[Recorded information]
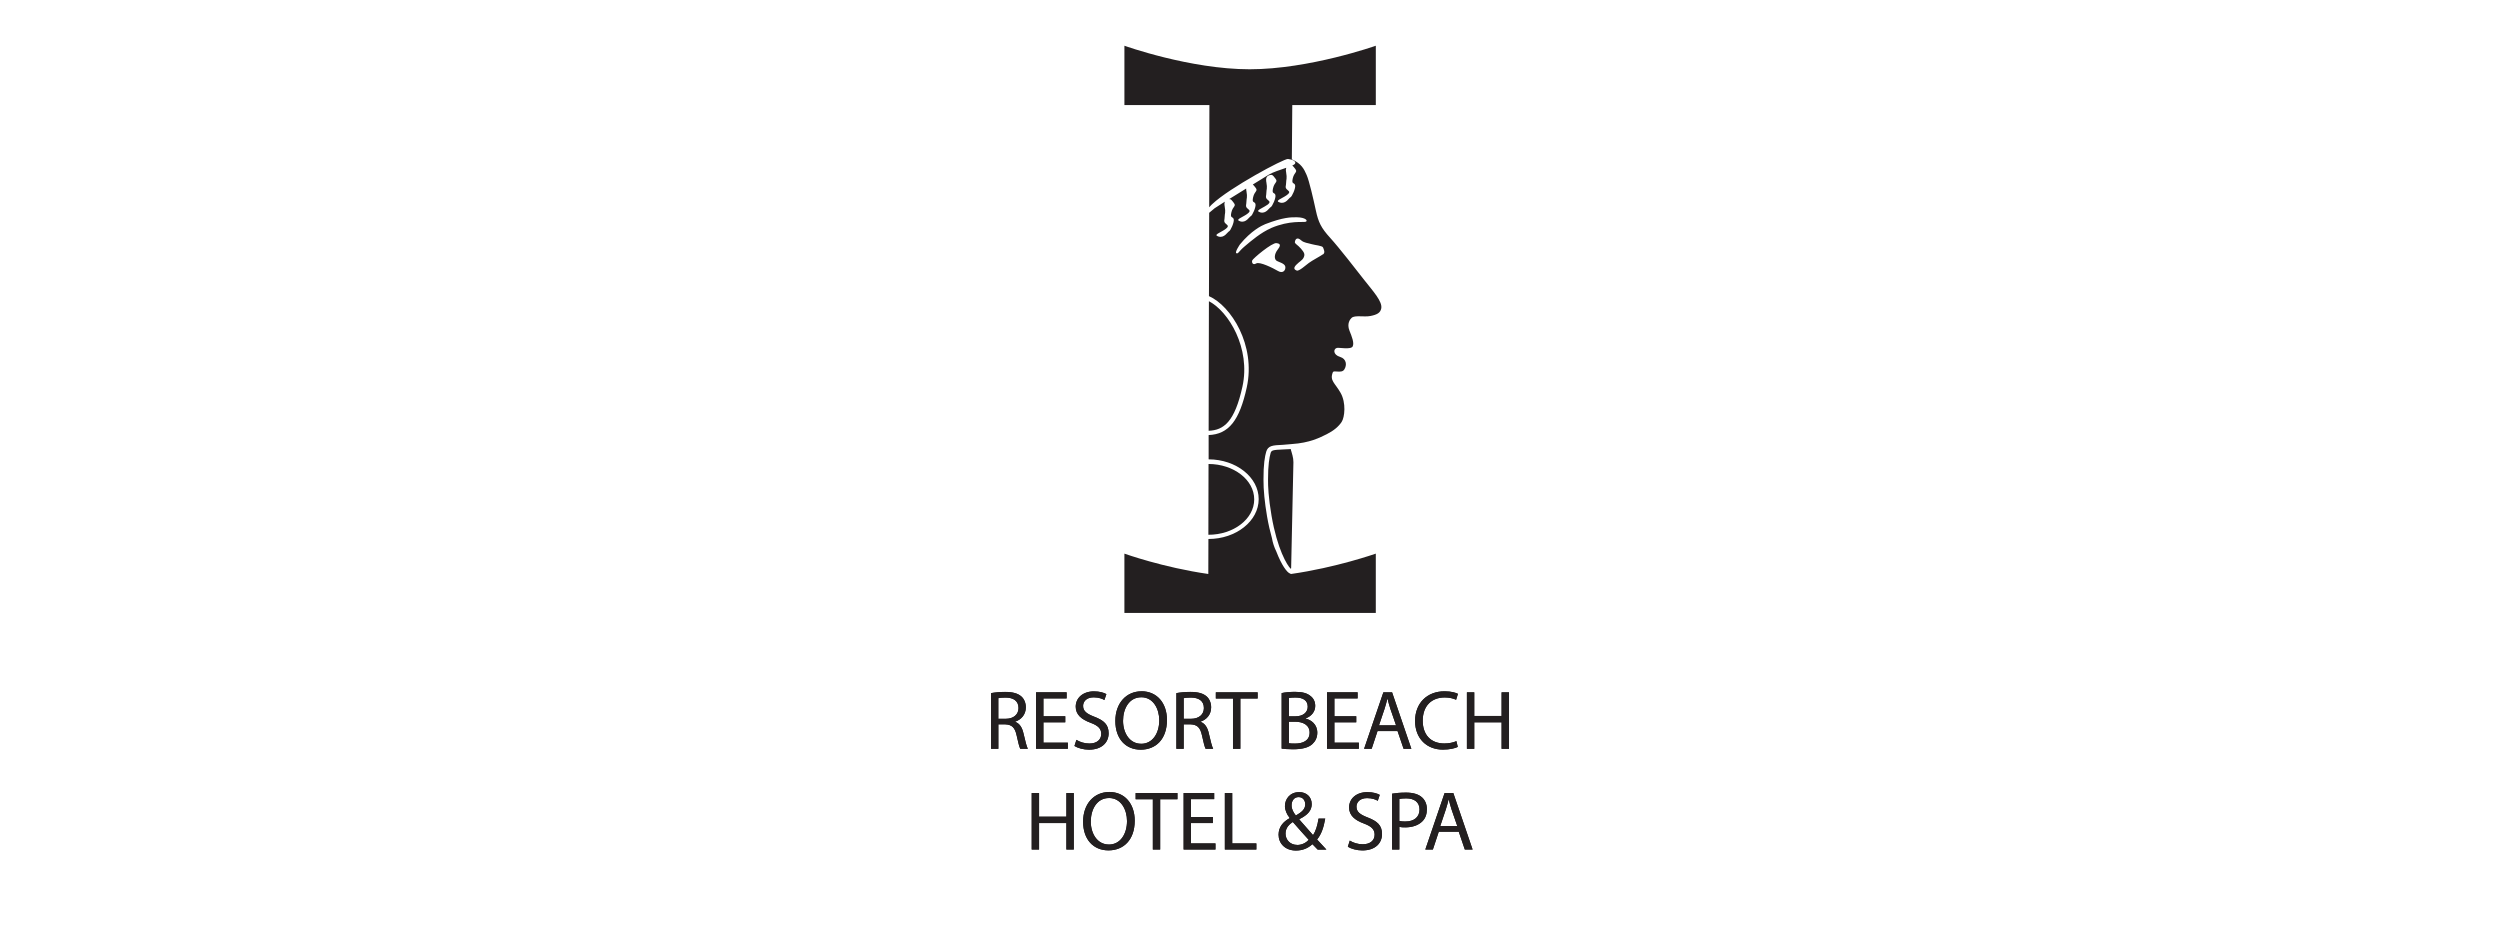 <?xml version="1.0" encoding="UTF-8"?>
<svg xmlns="http://www.w3.org/2000/svg" id="Layer_1" version="1.1" viewBox="0 0 463 171.61">
  <defs>
    <style>
      .st0 {
        fill: #231f20;
      }
    </style>
  </defs>
  <path class="st0" d="M266.73,152.99l1.02-3.03c.22-.64.37-1.29.53-1.89h.03c.16.61.31,1.23.54,1.91l1.04,3.01h-3.17ZM270.16,154.04l1.12,3.29h1.44l-3.57-10.46h-1.61l-3.57,10.46h1.4l1.09-3.29h3.71ZM259.16,147.97c.23-.06.68-.11,1.27-.11,1.47,0,2.47.67,2.47,2.06s-.99,2.22-2.62,2.22c-.45,0-.82-.03-1.12-.11v-4.07ZM257.81,157.33h1.35v-4.19c.31.08.68.09,1.09.09,1.32,0,2.47-.39,3.2-1.15.53-.54.81-1.29.81-2.23s-.36-1.69-.92-2.19c-.62-.56-1.6-.87-2.93-.87-1.09,0-1.94.09-2.59.2v10.34ZM249.63,156.82c.56.37,1.66.68,2.67.68,2.47,0,3.65-1.41,3.65-3.03s-.88-2.39-2.65-3.07c-1.44-.56-2.08-1.04-2.08-2.02,0-.71.54-1.57,1.97-1.57.95,0,1.65.29,1.97.5l.37-1.1c-.45-.26-1.24-.51-2.3-.51-2.03,0-3.38,1.21-3.38,2.84,0,1.46,1.05,2.36,2.76,2.98,1.41.53,1.97,1.1,1.97,2.06,0,1.06-.81,1.78-2.19,1.78-.93,0-1.8-.29-2.41-.68l-.36,1.13ZM240.5,147.62c.87,0,1.23.71,1.23,1.35,0,.9-.68,1.46-1.74,2.06-.43-.56-.79-1.13-.79-1.89,0-.81.45-1.52,1.3-1.52M240.24,156.48c-1.27,0-2.16-.92-2.16-2.11,0-1.12.78-1.77,1.35-2.14,1.16,1.35,2.33,2.62,2.95,3.31-.5.54-1.26.95-2.14.95M245.64,157.33c-.62-.67-1.16-1.26-1.72-1.86.78-.92,1.23-2.22,1.51-3.86h-1.24c-.2,1.32-.53,2.33-1.01,3.06-.67-.75-1.66-1.88-2.55-2.9v-.06c1.66-.82,2.3-1.69,2.3-2.79,0-1.37-1.01-2.22-2.31-2.22-1.74,0-2.65,1.3-2.65,2.59,0,.73.33,1.5.87,2.19v.05c-1.19.65-2.05,1.63-2.05,3.06,0,1.57,1.18,2.93,3.21,2.93,1.16,0,2.16-.36,3.06-1.18.4.4.68.71.98,1.01h1.61ZM226.84,157.33h5.84v-1.13h-4.47v-9.33h-1.37v10.46ZM224.62,151.31h-4.05v-3.31h4.3v-1.13h-5.67v10.46h5.9v-1.13h-4.53v-3.77h4.05v-1.12ZM213.5,157.33h1.37v-9.31h3.2v-1.15h-7.74v1.15h3.18v9.31ZM205.38,147.79c2.25,0,3.34,2.17,3.34,4.27,0,2.37-1.21,4.35-3.35,4.35s-3.35-2-3.35-4.25,1.12-4.36,3.37-4.36M205.43,146.68c-2.79,0-4.84,2.17-4.84,5.49s1.92,5.32,4.7,5.32,4.86-1.93,4.86-5.51c0-3.12-1.85-5.31-4.72-5.31M191.07,146.87v10.46h1.37v-4.9h5.06v4.9h1.37v-10.46h-1.37v4.38h-5.06v-4.38h-1.37ZM271.67,128.22v10.46h1.37v-4.9h5.06v4.9h1.37v-10.46h-1.37v4.38h-5.06v-4.38h-1.37ZM269.71,137.26c-.54.26-1.38.43-2.22.43-2.53,0-4-1.63-4-4.21,0-2.75,1.63-4.31,4.08-4.31.87,0,1.6.19,2.1.43l.34-1.1c-.36-.19-1.19-.47-2.48-.47-3.24,0-5.46,2.2-5.46,5.49s2.2,5.31,5.15,5.31c1.27,0,2.28-.25,2.76-.5l-.26-1.09ZM255.39,134.33l1.02-3.03c.22-.64.37-1.29.53-1.89h.03c.16.61.31,1.23.54,1.91l1.04,3.01h-3.17ZM258.82,135.39l1.12,3.29h1.44l-3.57-10.46h-1.61l-3.57,10.46h1.4l1.09-3.29h3.71ZM251.18,132.65h-4.05v-3.31h4.3v-1.13h-5.67v10.46h5.9v-1.13h-4.53v-3.77h4.05v-1.12ZM238.72,133.66h1.12c1.48,0,2.7.61,2.7,2.02,0,1.52-1.29,2.03-2.69,2.03-.48,0-.85-.01-1.13-.06v-3.99ZM238.72,129.27c.22-.05.57-.09,1.19-.09,1.37,0,2.28.5,2.28,1.71,0,1.01-.84,1.77-2.25,1.77h-1.23v-3.38ZM237.37,138.65c.45.06,1.16.12,2.1.12,1.71,0,2.89-.31,3.6-.98.54-.5.9-1.2.9-2.09,0-1.55-1.16-2.38-2.16-2.61v-.05c1.09-.39,1.77-1.27,1.77-2.3,0-.82-.34-1.44-.89-1.85-.64-.53-1.51-.76-2.86-.76-.93,0-1.88.09-2.47.23v10.28ZM228.35,138.68h1.37v-9.31h3.2v-1.15h-7.75v1.15h3.18v9.31ZM219.22,129.3c.23-.06.68-.11,1.33-.11,1.43,0,2.41.59,2.41,1.94,0,1.19-.92,1.99-2.36,1.99h-1.38v-3.82ZM217.87,138.68h1.35v-4.53h1.27c1.23.05,1.8.59,2.11,2.03.28,1.3.51,2.19.68,2.5h1.4c-.22-.4-.47-1.41-.81-2.87-.25-1.09-.73-1.83-1.52-2.11v-.05c1.09-.37,1.95-1.29,1.95-2.65,0-.82-.31-1.54-.82-2-.64-.57-1.58-.85-3.03-.85-.92,0-1.91.09-2.59.22v10.32ZM211.35,129.13c2.25,0,3.34,2.17,3.34,4.27,0,2.37-1.21,4.35-3.35,4.35s-3.35-2-3.35-4.25,1.12-4.36,3.37-4.36M211.4,128.03c-2.79,0-4.84,2.17-4.84,5.49s1.92,5.32,4.7,5.32,4.86-1.92,4.86-5.51c0-3.12-1.85-5.31-4.72-5.31M199,138.16c.56.37,1.66.68,2.67.68,2.47,0,3.65-1.41,3.65-3.03s-.88-2.39-2.65-3.07c-1.44-.56-2.08-1.04-2.08-2.02,0-.71.54-1.57,1.97-1.57.95,0,1.65.29,1.97.5l.37-1.1c-.45-.26-1.24-.51-2.3-.51-2.03,0-3.38,1.21-3.38,2.84,0,1.46,1.06,2.36,2.76,2.98,1.41.53,1.97,1.1,1.97,2.06,0,1.06-.81,1.78-2.19,1.78-.93,0-1.8-.29-2.41-.68l-.36,1.13ZM197.29,132.65h-4.05v-3.31h4.3v-1.13h-5.67v10.46h5.9v-1.13h-4.53v-3.77h4.05v-1.12ZM184.89,129.3c.23-.06.68-.11,1.33-.11,1.43,0,2.41.59,2.41,1.94,0,1.19-.92,1.99-2.36,1.99h-1.38v-3.82ZM183.54,138.68h1.35v-4.53h1.27c1.23.05,1.8.59,2.11,2.03.28,1.3.51,2.19.68,2.5h1.4c-.22-.4-.47-1.41-.81-2.87-.25-1.09-.73-1.83-1.52-2.11v-.05c1.09-.37,1.96-1.29,1.96-2.65,0-.82-.31-1.54-.82-2-.64-.57-1.58-.85-3.03-.85-.92,0-1.91.09-2.59.22v10.32Z"></path>
  <g>
    <path class="st0" d="M269.15,146.87h-1.61l-3.57,10.46h1.4l1.09-3.29h3.71l1.12,3.29h1.44l-3.57-10.46ZM266.73,152.99l1.02-3.03c.22-.64.37-1.29.53-1.89h.03c.16.61.31,1.23.54,1.91l1.04,3.01h-3.17Z"></path>
    <path class="st0" d="M263.33,147.66c-.62-.56-1.6-.87-2.93-.87-1.09,0-1.94.09-2.59.2v10.34h1.35v-4.19c.31.08.68.09,1.09.09,1.32,0,2.47-.39,3.2-1.15.53-.54.81-1.29.81-2.23s-.36-1.69-.92-2.19ZM260.27,152.15c-.45,0-.82-.03-1.12-.11v-4.07c.23-.06.68-.11,1.27-.11,1.47,0,2.47.67,2.47,2.06s-.99,2.22-2.62,2.22Z"></path>
    <path class="st0" d="M249.63,156.82c.56.37,1.66.68,2.67.68,2.47,0,3.65-1.41,3.65-3.03s-.88-2.39-2.65-3.07c-1.44-.56-2.08-1.04-2.08-2.02,0-.71.54-1.57,1.97-1.57.95,0,1.65.29,1.97.5l.37-1.1c-.45-.26-1.24-.51-2.3-.51-2.03,0-3.38,1.21-3.38,2.84,0,1.46,1.05,2.36,2.76,2.98,1.41.53,1.97,1.1,1.97,2.06,0,1.06-.81,1.78-2.19,1.78-.93,0-1.8-.29-2.41-.68l-.36,1.13Z"></path>
    <path class="st0" d="M243.92,155.47c.78-.92,1.23-2.22,1.51-3.86h-1.24c-.2,1.32-.53,2.33-1.01,3.06-.67-.75-1.66-1.88-2.55-2.9v-.06c1.66-.82,2.3-1.69,2.3-2.79,0-1.37-1.01-2.22-2.31-2.22-1.74,0-2.65,1.3-2.65,2.59,0,.73.33,1.5.87,2.19v.05c-1.19.65-2.05,1.63-2.05,3.06,0,1.57,1.18,2.93,3.21,2.93,1.16,0,2.16-.36,3.06-1.18.4.4.68.71.98,1.01h1.61c-.62-.67-1.16-1.26-1.72-1.86ZM240.5,147.62c.87,0,1.23.71,1.23,1.35,0,.9-.68,1.46-1.74,2.06-.43-.56-.79-1.13-.79-1.89,0-.81.45-1.52,1.3-1.52ZM240.24,156.48c-1.27,0-2.16-.92-2.16-2.11,0-1.12.78-1.77,1.35-2.14,1.16,1.35,2.33,2.62,2.95,3.31-.5.54-1.26.95-2.14.95Z"></path>
    <polygon class="st0" points="226.84 157.33 232.68 157.33 232.68 156.2 228.21 156.2 228.21 146.87 226.84 146.87 226.84 157.33"></polygon>
    <polygon class="st0" points="224.62 151.31 220.57 151.31 220.57 148 224.87 148 224.87 146.87 219.21 146.87 219.21 157.33 225.11 157.33 225.11 156.2 220.57 156.2 220.57 152.43 224.62 152.43 224.62 151.31"></polygon>
    <polygon class="st0" points="213.5 157.33 214.86 157.33 214.86 148.02 218.06 148.02 218.06 146.87 210.31 146.87 210.31 148.02 213.5 148.02 213.5 157.33"></polygon>
    <path class="st0" d="M205.43,146.68c-2.79,0-4.84,2.17-4.84,5.49s1.92,5.32,4.7,5.32,4.86-1.93,4.86-5.51c0-3.12-1.85-5.31-4.72-5.31ZM205.36,156.4c-2.14,0-3.35-2-3.35-4.25s1.12-4.36,3.37-4.36,3.34,2.17,3.34,4.27c0,2.37-1.21,4.35-3.35,4.35Z"></path>
    <polygon class="st0" points="191.07 146.87 191.07 157.33 192.43 157.33 192.43 152.43 197.49 152.43 197.49 157.33 198.86 157.33 198.86 146.87 197.49 146.87 197.49 151.25 192.43 151.25 192.43 146.87 191.07 146.87"></polygon>
    <polygon class="st0" points="271.67 128.22 271.67 138.68 273.03 138.68 273.03 133.77 278.09 133.77 278.09 138.68 279.46 138.68 279.46 128.22 278.09 128.22 278.09 132.59 273.03 132.59 273.03 128.22 271.67 128.22"></polygon>
    <path class="st0" d="M269.71,137.26c-.54.26-1.38.43-2.22.43-2.53,0-4-1.63-4-4.21,0-2.75,1.63-4.31,4.08-4.31.87,0,1.6.19,2.1.43l.34-1.1c-.36-.19-1.19-.47-2.48-.47-3.24,0-5.46,2.2-5.46,5.49s2.2,5.31,5.15,5.31c1.27,0,2.28-.25,2.76-.5l-.26-1.09Z"></path>
    <path class="st0" d="M257.81,128.22h-1.61l-3.57,10.46h1.4l1.09-3.29h3.71l1.12,3.29h1.44l-3.57-10.46ZM255.39,134.33l1.02-3.03c.22-.64.37-1.29.53-1.89h.03c.16.61.31,1.23.54,1.91l1.04,3.01h-3.17Z"></path>
    <polygon class="st0" points="251.18 132.65 247.13 132.65 247.13 129.35 251.43 129.35 251.43 128.22 245.76 128.22 245.76 138.68 251.66 138.68 251.66 137.54 247.13 137.54 247.13 133.77 251.18 133.77 251.18 132.65"></polygon>
    <path class="st0" d="M241.81,133.09v-.05c1.09-.39,1.77-1.27,1.77-2.3,0-.82-.34-1.44-.89-1.85-.64-.53-1.51-.76-2.86-.76-.93,0-1.88.09-2.47.23v10.28c.45.06,1.16.12,2.1.12,1.71,0,2.89-.31,3.6-.98.54-.5.9-1.2.9-2.09,0-1.55-1.16-2.38-2.16-2.61ZM238.72,129.27c.22-.05.57-.09,1.19-.09,1.37,0,2.28.5,2.28,1.71,0,1.01-.84,1.77-2.25,1.77h-1.23v-3.38ZM239.85,137.71c-.48,0-.85-.01-1.13-.06v-3.99h1.12c1.48,0,2.7.61,2.7,2.02,0,1.52-1.29,2.03-2.69,2.03Z"></path>
    <polygon class="st0" points="228.35 138.68 229.71 138.68 229.71 129.36 232.91 129.36 232.91 128.22 225.17 128.22 225.17 129.36 228.35 129.36 228.35 138.68"></polygon>
    <path class="st0" d="M223.88,135.8c-.25-1.09-.73-1.83-1.52-2.11v-.05c1.09-.37,1.95-1.29,1.95-2.65,0-.82-.31-1.54-.82-2-.64-.57-1.58-.85-3.03-.85-.92,0-1.91.09-2.59.22v10.32h1.35v-4.53h1.27c1.23.05,1.8.59,2.11,2.03.28,1.3.51,2.19.68,2.5h1.4c-.22-.4-.47-1.41-.81-2.87ZM220.6,133.12h-1.38v-3.82c.23-.06.68-.11,1.33-.11,1.43,0,2.41.59,2.41,1.94,0,1.19-.92,1.99-2.36,1.99Z"></path>
    <path class="st0" d="M211.4,128.03c-2.79,0-4.84,2.17-4.84,5.49s1.92,5.32,4.7,5.32,4.86-1.92,4.86-5.51c0-3.12-1.85-5.31-4.72-5.31ZM211.34,137.74c-2.14,0-3.35-2-3.35-4.25s1.12-4.36,3.37-4.36,3.34,2.17,3.34,4.27c0,2.37-1.21,4.35-3.35,4.35Z"></path>
    <path class="st0" d="M199,138.16c.56.37,1.66.68,2.67.68,2.47,0,3.65-1.41,3.65-3.03s-.88-2.39-2.65-3.07c-1.44-.56-2.08-1.04-2.08-2.02,0-.71.54-1.57,1.97-1.57.95,0,1.65.29,1.97.5l.37-1.1c-.45-.26-1.24-.51-2.3-.51-2.03,0-3.38,1.21-3.38,2.84,0,1.46,1.06,2.36,2.76,2.98,1.41.53,1.97,1.1,1.97,2.06,0,1.06-.81,1.78-2.19,1.78-.93,0-1.8-.29-2.41-.68l-.36,1.13Z"></path>
    <polygon class="st0" points="197.29 132.65 193.24 132.65 193.24 129.35 197.54 129.35 197.54 128.22 191.88 128.22 191.88 138.68 197.77 138.68 197.77 137.54 193.24 137.54 193.24 133.77 197.29 133.77 197.29 132.65"></polygon>
    <path class="st0" d="M189.55,135.8c-.25-1.09-.73-1.83-1.52-2.11v-.05c1.09-.37,1.96-1.29,1.96-2.65,0-.82-.31-1.54-.82-2-.64-.57-1.58-.85-3.03-.85-.92,0-1.91.09-2.59.22v10.32h1.35v-4.53h1.27c1.23.05,1.8.59,2.11,2.03.28,1.3.51,2.19.68,2.5h1.4c-.22-.4-.47-1.41-.81-2.87ZM186.27,133.12h-1.38v-3.82c.23-.06.68-.11,1.33-.11,1.43,0,2.41.59,2.41,1.94,0,1.19-.92,1.99-2.36,1.99Z"></path>
  </g>
  <g>
    <rect class="st0" x="239.53" y="105.34" width="0" height="0" transform="translate(7.63 226.58) rotate(-51.34)"></rect>
    <path class="st0" d="M239.12,105.21l.42-19.59c0-.43-.06-.86-.17-1.27h0s-.2-.72-.2-.72h0c-.05-.13-.09-.27-.11-.43,0,0,0-.02,0-.03-.48.03-.91.04-1.28.06-2.1.09-2.31.15-2.47.7-.22.76-.48,2.23-.47,4.87v.12c-.01,1,.06,3.19.65,6.61,1.06,6.16,2.88,9.17,3.55,9.81.03-.04.07-.09.1-.14Z"></path>
    <path class="st0" d="M223.89,55.79l-.05,23.99c2.79-.11,4.82-1.63,6.26-8.17,1.56-7.11-2.55-13.92-6.2-15.82Z"></path>
    <g>
      <path class="st0" d="M232.28,92.48c0-3.61-3.79-6.54-8.46-6.55l-.03,13.11c4.68,0,8.49-2.94,8.49-6.55Z"></path>
      <path class="st0" d="M252.84,52.09c-1.6-2.05-4.8-6.18-6.49-8.04-1.7-1.86-2.19-2.92-2.65-5.05-.47-2.16-1.22-5.46-1.71-6.59-.49-1.13-.98-2.11-2.74-2.9l.08-10.05h15.47v-10.99s-12.31,4.36-23.36,4.36-23.2-4.36-23.2-4.36v10.99h15.74l-.04,18.93c.32-.38.58-.6.58-.6,3.18-3.02,13.28-8.43,14.01-8.35.73.08,1.65.43,1.28.92-.07.09-.25.19-.48.29.16.11.29.31.54.62.51.65-.18.59-.45,1.76-.27,1.17.27.72.43,1.25.16.54-.59,2.16-.86,2.26-.27.11-.86,1.29-1.94.97-1.08-.32.32-.7,1.23-1.35.9-.65.34-.75,0-1.13-.33-.38-.09-.59-.09-1.19s.21-.75,0-1.94c0,0-.12-.46.03-.83-1.12.39-2.53.83-3.23,1.27-.4.25-1.57.97-2.97,1.83.14.11.28.3.51.59.51.65-.18.59-.45,1.76-.27,1.17.27.72.43,1.25.16.54-.59,2.16-.86,2.26-.27.11-.86,1.29-1.94.97-1.08-.32.32-.7,1.23-1.35.9-.65.34-.75,0-1.13-.33-.38-.1-.59-.1-1.19s.22-.75,0-1.94c0,0-.06-.22-.05-.47-1.07.66-2.18,1.35-3.15,1.95.35-.03.47.21.86.7.51.65-.18.59-.45,1.76-.27,1.17.27.72.43,1.25.16.54-.59,2.16-.86,2.26-.27.11-.86,1.29-1.94.97-1.08-.32.32-.7,1.23-1.35.9-.65.34-.75,0-1.13-.33-.38-.1-.59-.1-1.19s.22-.75,0-1.94c0,0-.12-.47.03-.85-.97.61-1.69,1.07-1.88,1.21-.26.2-.65.54-1.02.85l-.04,15.43c4.07,1.79,8.72,9.07,7,16.91-1.35,6.16-3.35,8.67-7.06,8.82v4.5c5.11.01,9.27,3.32,9.27,7.37s-4.18,7.38-9.31,7.38v-.52l-.02,7c-8.35-1.19-15.54-3.77-15.54-3.77v10.99h46.56v-10.99s-7.34,2.59-15.76,3.78c-.01-.03-.03-.06-.04-.08-.03,0-.05,0-.08-.01-.55-.18-1.56-1.52-2.54-4.07-.41-.83-.67-1.66-.82-2.51-.33-1.18-.64-2.49-.9-4-.44-2.58-.68-4.98-.66-6.76v-.11c-.02-2.74.26-4.29.5-5.1.34-1.14,1.16-1.21,3.09-1.29.45-.05.98-.09,1.64-.14,3.34-.22,5.2-1.19,6.49-1.83,1.29-.65,2.21-1.43,2.76-2.28.56-.86.85-3.52-.2-5.37-1.05-1.86-2.06-2.25-1.44-3.81.18-.46,1.6.27,2.11-.5.55-.83.41-1.99-.74-2.34-1.41-.42-1.27-1.53-.6-1.68.38-.09,2.59.37,2.91-.28.32-.65-.17-1.84-.59-2.89-.55-1.37.15-2.17.39-2.39.59-.55,2.29-.11,3.5-.35,1.21-.24,1.83-.58,1.99-1.4.25-1.27-1.52-3.18-2.98-5.05ZM234.63,38c.9-.65.34-.75,0-1.13-.33-.38-.1-.59-.1-1.19s.22-.75,0-1.94c0,0-.27-.97.43-1.24.7-.27.75-.05,1.26.59.51.65-.18.59-.45,1.76-.27,1.17.27.72.43,1.25.16.54-.59,2.16-.86,2.26-.27.11-.86,1.29-1.94.97-1.08-.32.32-.7,1.23-1.35ZM236.69,50.19c-.92-.54-3.4-1.78-4.04-1.4-.65.38-.85-.19-.75-.54.1-.35,3.73-3.39,4.51-3.22.25.05,1.09.08.28,1.11-.81,1.03-.65,1.84-.32,2.11.32.27,1.56.49,1.67,1.13.11.65-.43,1.35-1.35.81ZM235.42,42.24c-1.9.82-3.71,2.37-4.89,3.37-1.19,1-1.18,1.43-1.55,1.29-.37-.14.66-1.64.66-1.64,2.08-2.53,4.01-3.48,4.69-3.75,3.29-1.27,4.73-1.29,5.87-1.27,1.63.03,2.08.67,1.62.83-.46.16-2.94-.32-6.4,1.16ZM245.02,47.09c-.46.34-1.98,1.13-2.61,1.6-.63.47-1.84,1.58-2.26,1.42-.42-.16-.69-.45-.08-1.07.61-.63,1.1-.8,1.36-1.33.3-.62.11-.95-.49-1.66-.61-.71-1.17-.91-1.13-1.22.08-.67.52-.91,1.14-.34.55.5,1.29.51,1.94.72.65.2,2.02.28,2.14.63.12.34.46.93,0,1.27Z"></path>
    </g>
  </g>
</svg>

[Assignment] Among the lines above, find those that contain the word "polygon" and copy them.

[Written answer]
    <polygon class="st0" points="226.84 157.33 232.68 157.33 232.68 156.2 228.21 156.2 228.21 146.87 226.84 146.87 226.84 157.33"></polygon>
    <polygon class="st0" points="224.62 151.31 220.57 151.31 220.57 148 224.87 148 224.87 146.87 219.21 146.87 219.21 157.33 225.11 157.33 225.11 156.2 220.57 156.2 220.57 152.43 224.62 152.43 224.62 151.31"></polygon>
    <polygon class="st0" points="213.5 157.33 214.86 157.33 214.86 148.02 218.06 148.02 218.06 146.87 210.31 146.87 210.31 148.02 213.5 148.02 213.5 157.33"></polygon>
    <polygon class="st0" points="191.07 146.87 191.07 157.33 192.43 157.33 192.43 152.43 197.49 152.43 197.49 157.33 198.86 157.33 198.86 146.87 197.49 146.87 197.49 151.25 192.43 151.25 192.43 146.87 191.07 146.87"></polygon>
    <polygon class="st0" points="271.67 128.22 271.67 138.68 273.03 138.68 273.03 133.77 278.09 133.77 278.09 138.68 279.46 138.68 279.46 128.22 278.09 128.22 278.09 132.59 273.03 132.59 273.03 128.22 271.67 128.22"></polygon>
    <polygon class="st0" points="251.18 132.65 247.13 132.65 247.13 129.35 251.43 129.35 251.43 128.22 245.76 128.22 245.76 138.68 251.66 138.68 251.66 137.54 247.13 137.54 247.13 133.77 251.18 133.77 251.18 132.65"></polygon>
    <polygon class="st0" points="228.35 138.68 229.71 138.68 229.71 129.36 232.91 129.36 232.91 128.22 225.17 128.22 225.17 129.36 228.35 129.36 228.35 138.68"></polygon>
    <polygon class="st0" points="197.29 132.65 193.24 132.65 193.24 129.35 197.54 129.35 197.54 128.22 191.88 128.22 191.88 138.68 197.77 138.68 197.77 137.54 193.24 137.54 193.24 133.77 197.29 133.77 197.29 132.65"></polygon>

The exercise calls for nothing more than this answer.